Somewhere In Indiana

I snapped this somewhere in Indiana between Jasper and Danville a few years ago. These towns are 115 miles apart via the route I traveled. In other words, it could be anywhere.

The handy thing about documenting a road trip with an iPhone is that it records the location as well as the image. My fancy DSLR doesn’t do that. This picture came from the camera, not the phone and I failed to keep good notes.

Luckily, I don’t need to go back. However, it makes a good case for my current road trip technique which is to take wide angle shots with my phone and details with the zoom lens on my camera. The camera quality is better but the phone provides documentation without my stopping to change lenses or write things down.

In other words, it’s the lazy girl’s guide to remembering things. I’m not sure if I should be proud of my ingenuity or embarrassed at my poor organization while out running around.

Either way, it works.

Bad Habits

Lexington with St Paul Church in background

Of my many bad habits, one is making pictures without recording subject matter. This photo is from a trip to Kentucky a few years ago and popped up in my Snapfish account while looking for something else. It took some thinking and a quick Google search to figure out that it’s St. Paul’s Catholic Church in Lexington, Kentucky. The perspective isĀ  through the glass of a very nice hotel room window.

It strengthens my desire to not just record my surroundings but to document where I am and to tell as many stories as possible. Meanwhile, I’m still wading through the 7,000 pictures (that’s not a typo – 7,000 pictures) pulled from my iPhone last month. If I ever get caught up with sorting through that mess, I’ll start weeding through the digital and print pictures from the past.

What are your bad photography habits? I can’t be the only one that has them!

Merle

I got my first good digital SLR about thirteen years ago. The day it arrived, I took a walk with my folks and encountered my Uncle Merle doing something in his driveway.

I couldn’t tell you what he was doing but he was standing in the bed of his truck. I had a new toy and took advantage of the moment to grab a few pictures while he was distracted, talking with my dad.

I captured two images that late winter evening.

This one I call “Confidence.”

He always looked exactly like this. The flannel, the trucker hat, that stance. And he always had a cigarette in one hand and a cold drink in the other.

He was a capable man, a confident man. The kind of guy who could take apart an engine and put it together again without hesitation. The kind of guy who worked from sun up to sun down, often doing back breaking work to care for his family. The kind of man who could diffuse any situation with a funny joke or a smart remark.

He had the best sense of humor.

I also made this image.
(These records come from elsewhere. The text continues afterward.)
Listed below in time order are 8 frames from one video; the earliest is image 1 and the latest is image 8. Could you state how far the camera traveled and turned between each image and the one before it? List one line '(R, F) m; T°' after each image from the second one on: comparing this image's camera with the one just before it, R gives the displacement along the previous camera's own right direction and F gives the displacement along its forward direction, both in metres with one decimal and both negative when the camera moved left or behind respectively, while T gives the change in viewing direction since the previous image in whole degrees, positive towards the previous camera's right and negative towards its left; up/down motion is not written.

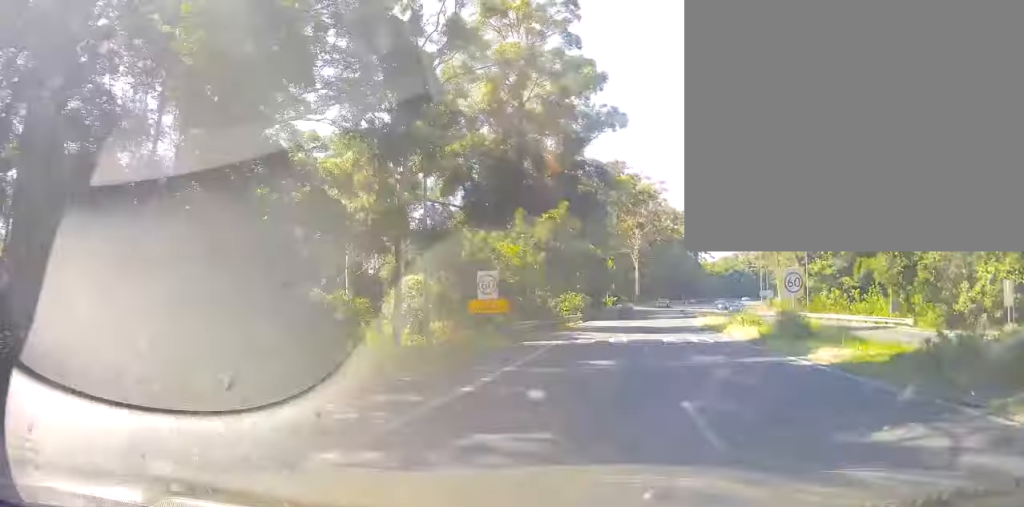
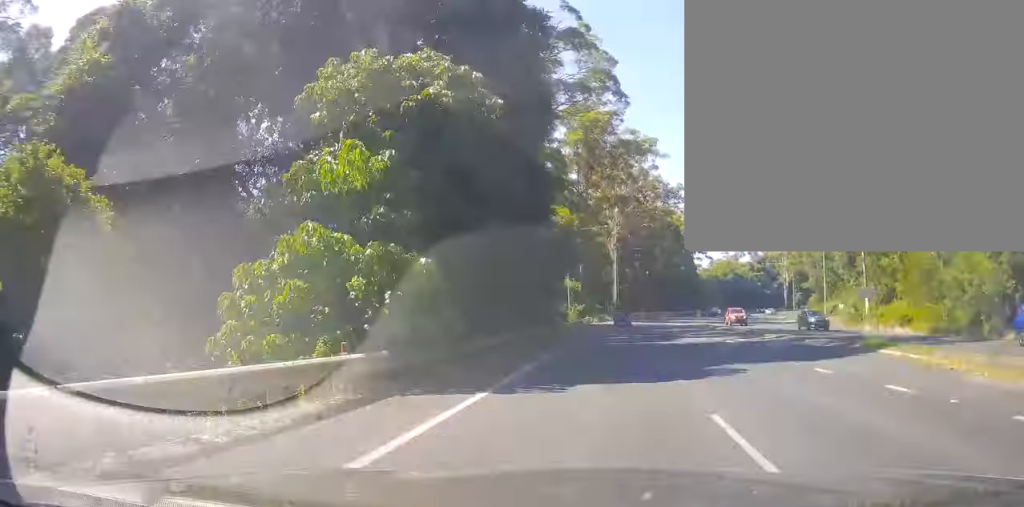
(+0.9, +47.7) m; +3°
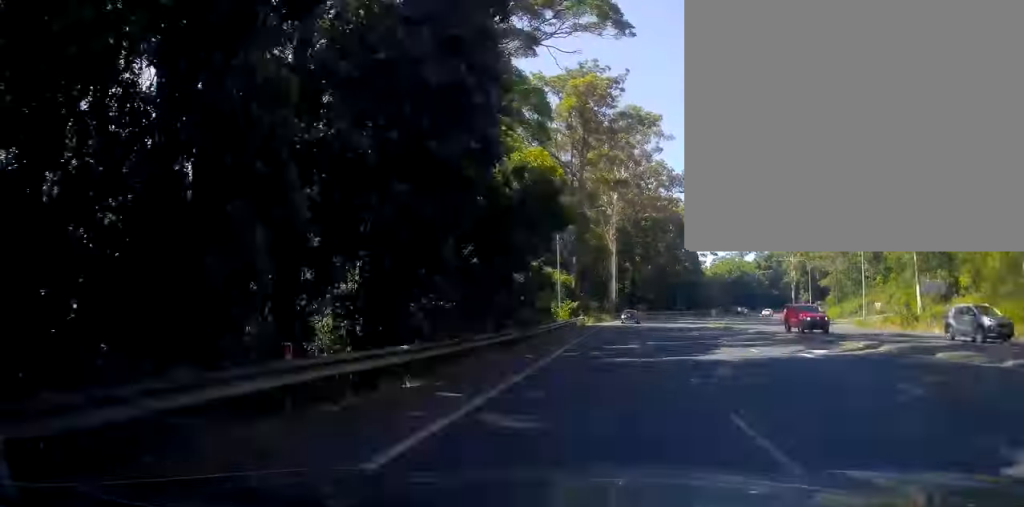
(+0.3, +12.0) m; +1°
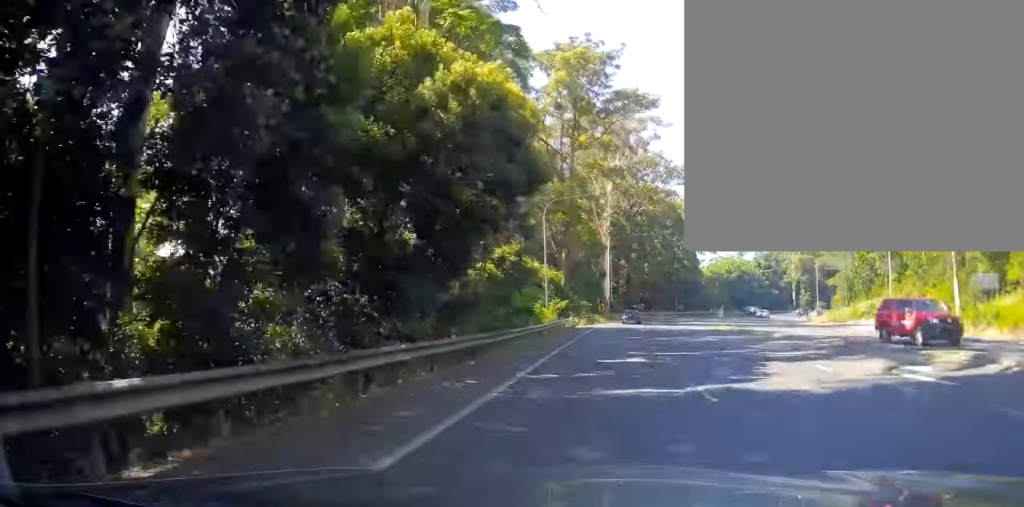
(+0.1, +7.5) m; +1°
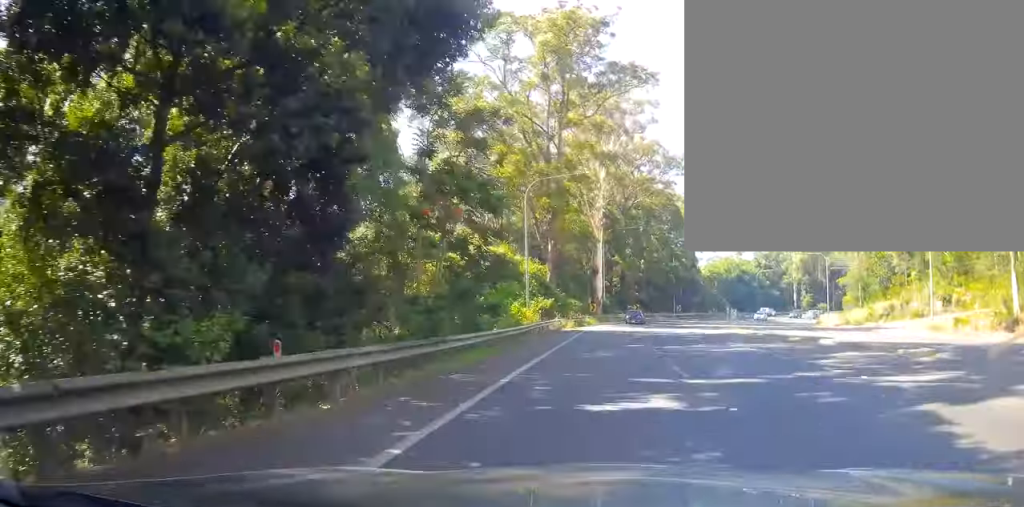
(0.0, +8.6) m; 0°
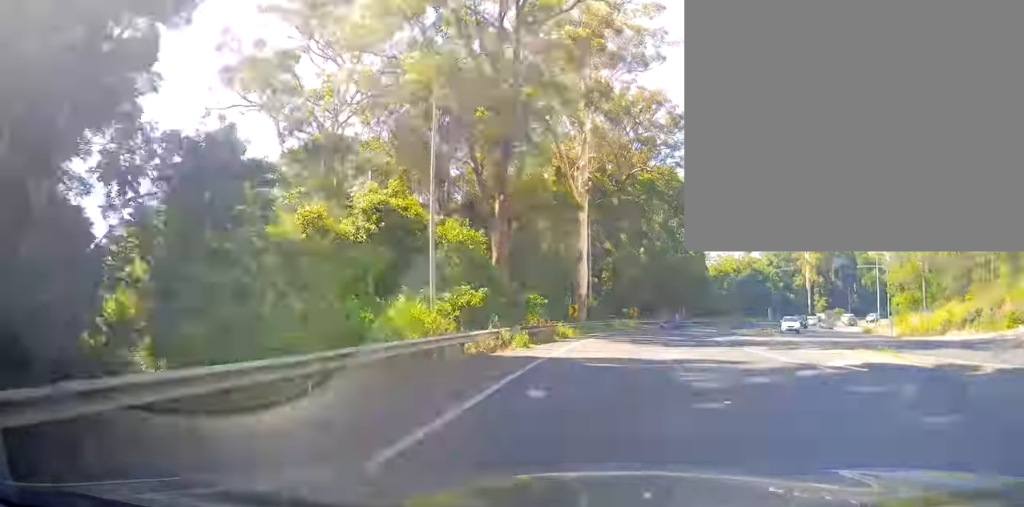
(+0.1, +23.0) m; +1°
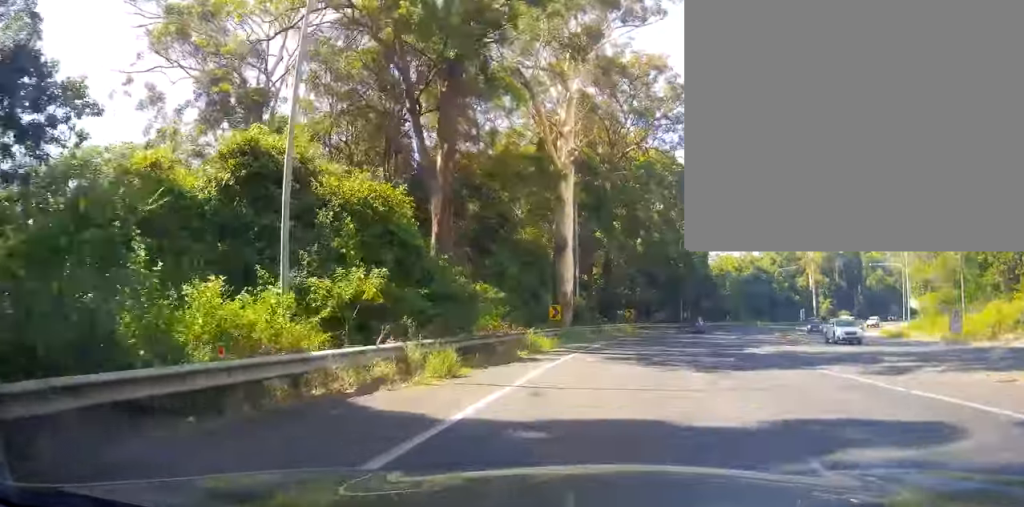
(+0.1, +10.5) m; +1°
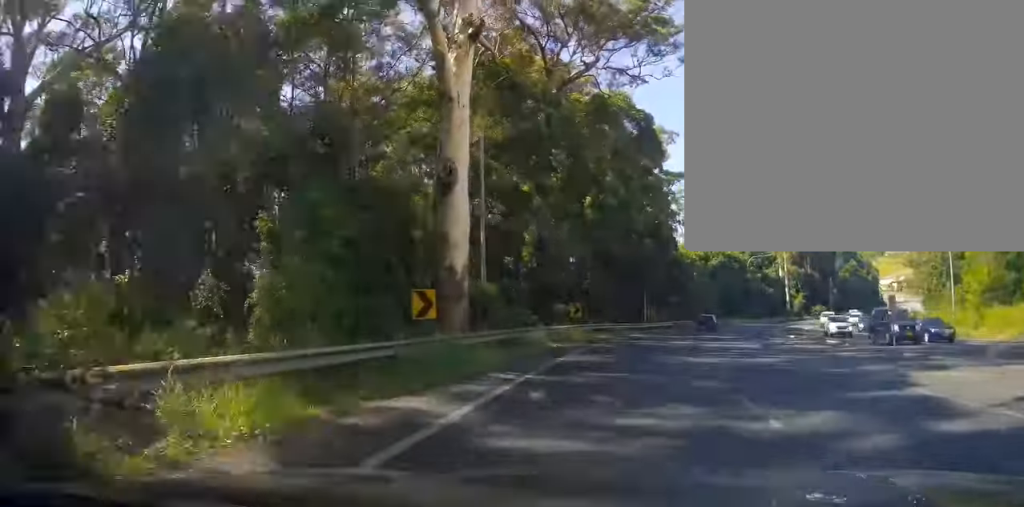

I call this one “Just Merle.”

It wasn’t long after that evening that Merle was gone. Taken from us far too soon in a work related accident. He was just 43.

I love these pictures and am so grateful that we have them.

This is why we take pictures- not just to show our friends on social media what we had for dinner. Not just to take up space on our phones or computers. Not just to say we have them.

We make pictures to capture a moment, a place, a person important to us. We make pictures so that we can remember the gleam in the eye of a person we adored on the anniversary of their death- like today. Merle died on this day and we still miss him, we still shake our heads in disbelief that he’s gone.

He still holds a place in our hearts and at the table at every family function, even if we can’t see him. He’s forever young thanks to these and other pictures.

Incidentally, the digital files appear to be long gone but luckily I still have the prints. So don’t just collect those digital images on your device. Print them too. You never know when a phone will die or a computer explode and your images will be gone.

I would hate to think I no longer had these pictures to remember him.